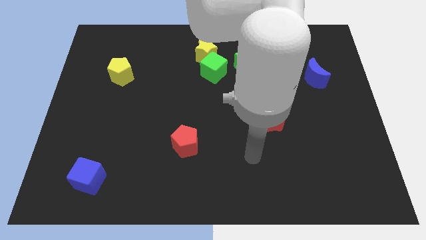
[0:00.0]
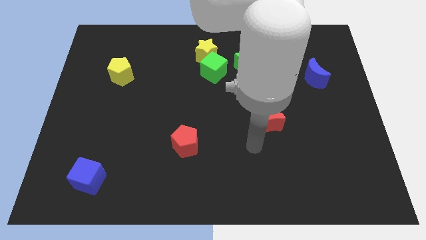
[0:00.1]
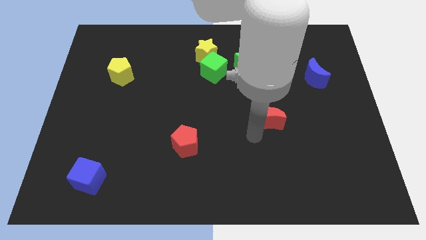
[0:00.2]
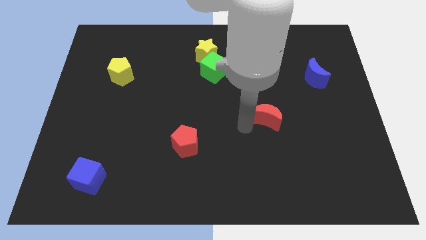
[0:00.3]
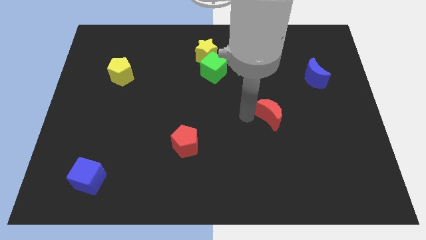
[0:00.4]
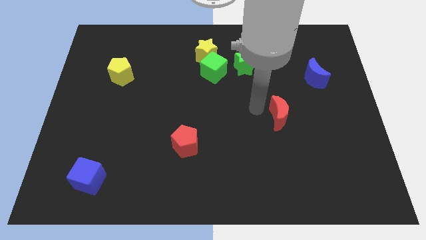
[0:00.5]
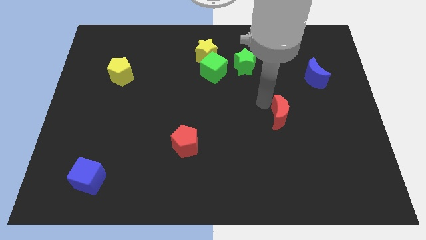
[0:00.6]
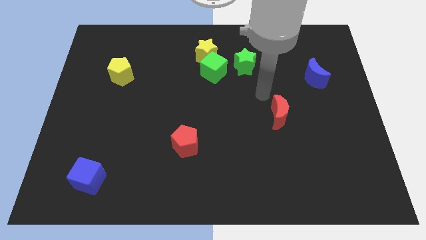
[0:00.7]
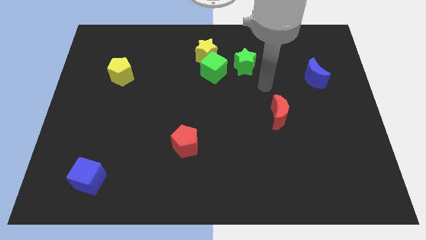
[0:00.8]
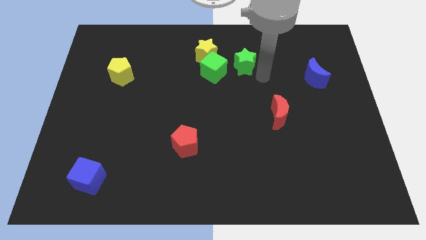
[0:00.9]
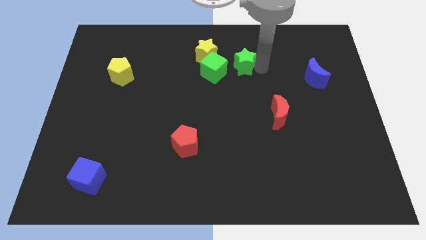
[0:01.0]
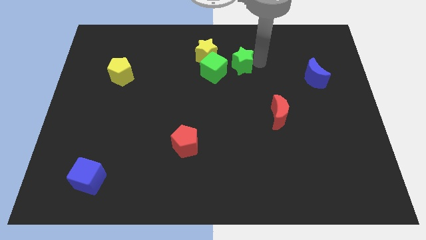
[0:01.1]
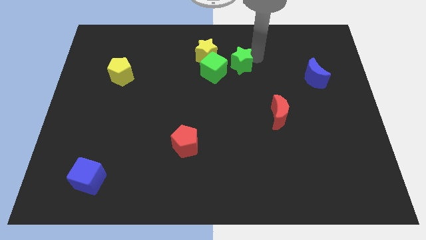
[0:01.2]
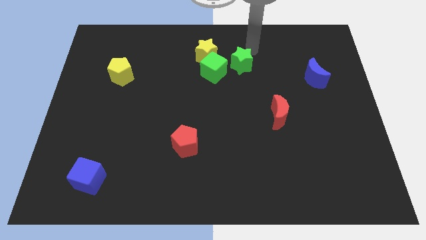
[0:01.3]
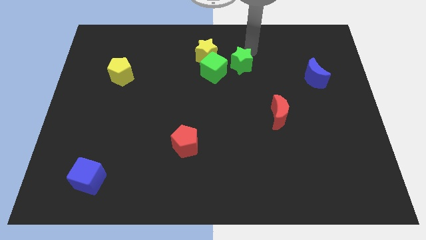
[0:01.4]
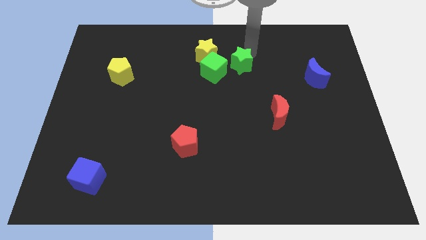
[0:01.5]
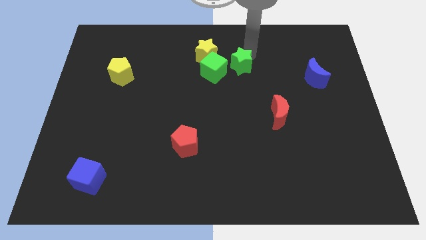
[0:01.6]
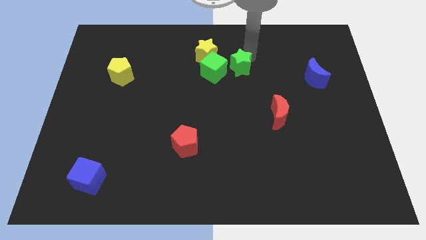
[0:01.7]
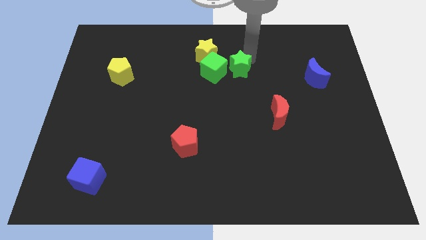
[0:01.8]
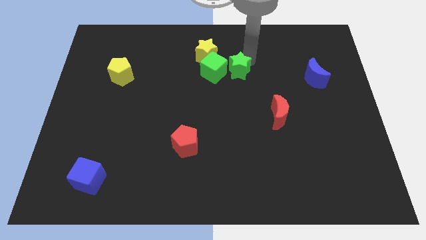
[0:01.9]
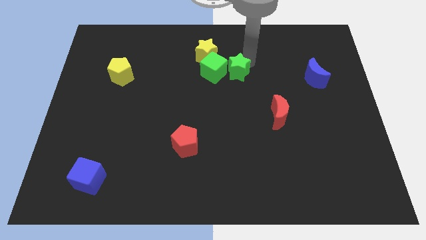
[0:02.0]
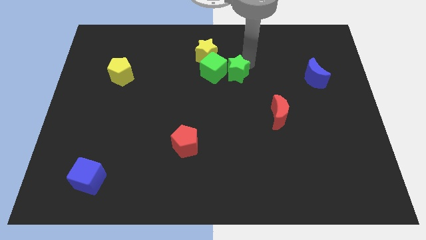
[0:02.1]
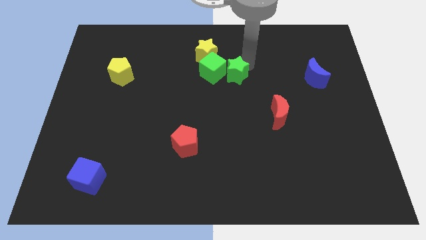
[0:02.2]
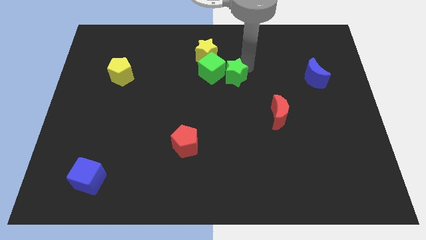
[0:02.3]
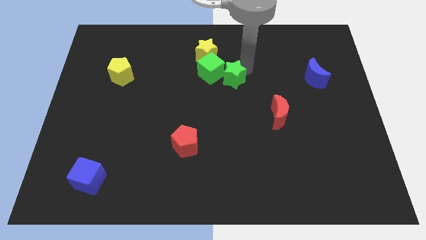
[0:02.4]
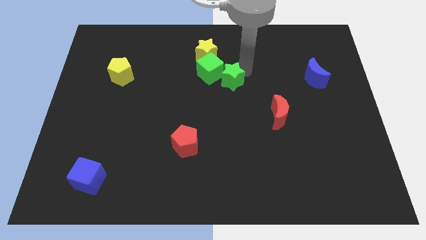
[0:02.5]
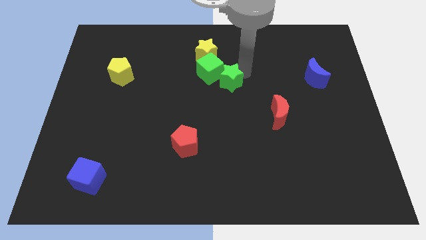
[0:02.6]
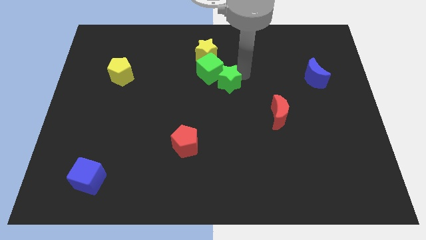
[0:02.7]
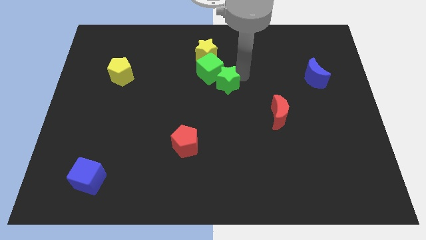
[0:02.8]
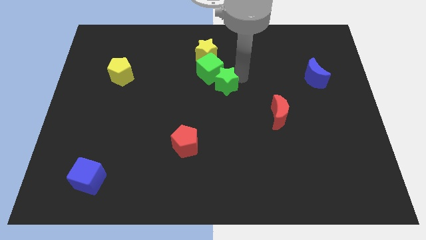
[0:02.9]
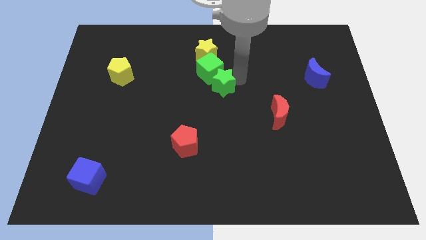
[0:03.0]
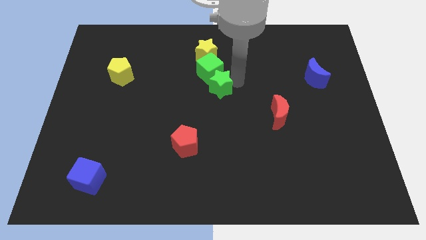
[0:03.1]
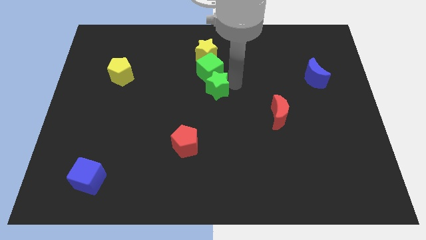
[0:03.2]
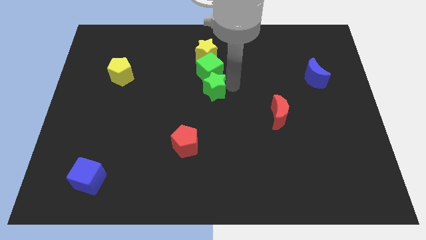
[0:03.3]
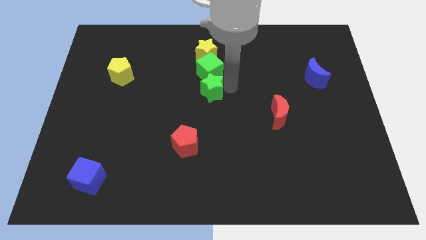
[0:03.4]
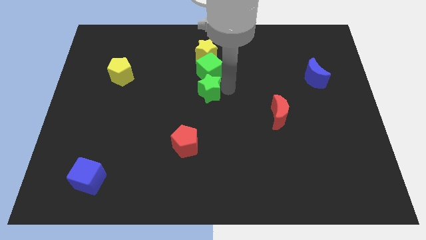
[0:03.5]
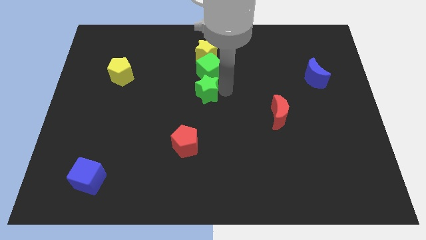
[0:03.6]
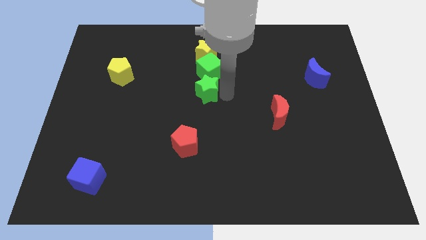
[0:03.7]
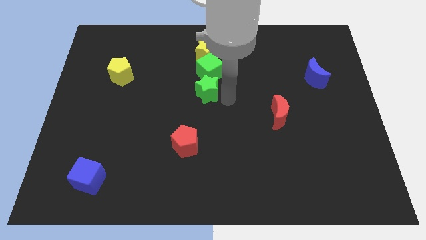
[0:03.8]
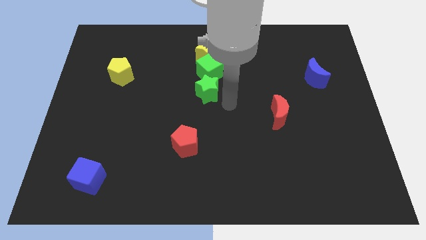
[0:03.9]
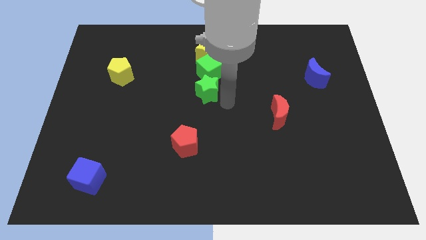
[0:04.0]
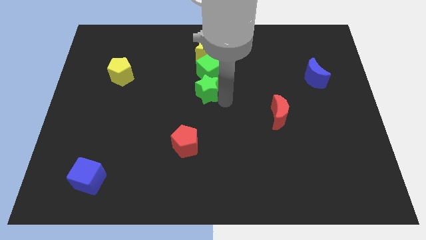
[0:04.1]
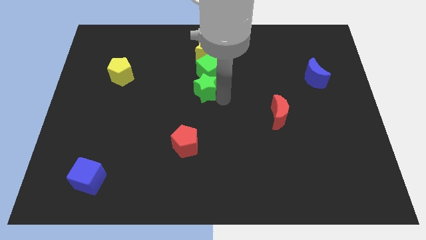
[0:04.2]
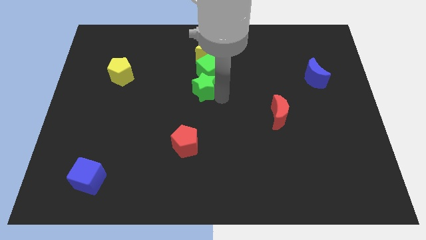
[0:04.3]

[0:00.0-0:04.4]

» **YOUR GOAL**
The reply has to reproduce every line above verbatim and contain no pictures.

» **WRITTEN REPLY**
[0:00.0]
[0:00.1]
[0:00.2]
[0:00.3]
[0:00.4]
[0:00.5]
[0:00.6]
[0:00.7]
[0:00.8]
[0:00.9]
[0:01.0]
[0:01.1]
[0:01.2]
[0:01.3]
[0:01.4]
[0:01.5]
[0:01.6]
[0:01.7]
[0:01.8]
[0:01.9]
[0:02.0]
[0:02.1]
[0:02.2]
[0:02.3]
[0:02.4]
[0:02.5]
[0:02.6]
[0:02.7]
[0:02.8]
[0:02.9]
[0:03.0]
[0:03.1]
[0:03.2]
[0:03.3]
[0:03.4]
[0:03.5]
[0:03.6]
[0:03.7]
[0:03.8]
[0:03.9]
[0:04.0]
[0:04.1]
[0:04.2]
[0:04.3]

[0:00.0-0:04.4]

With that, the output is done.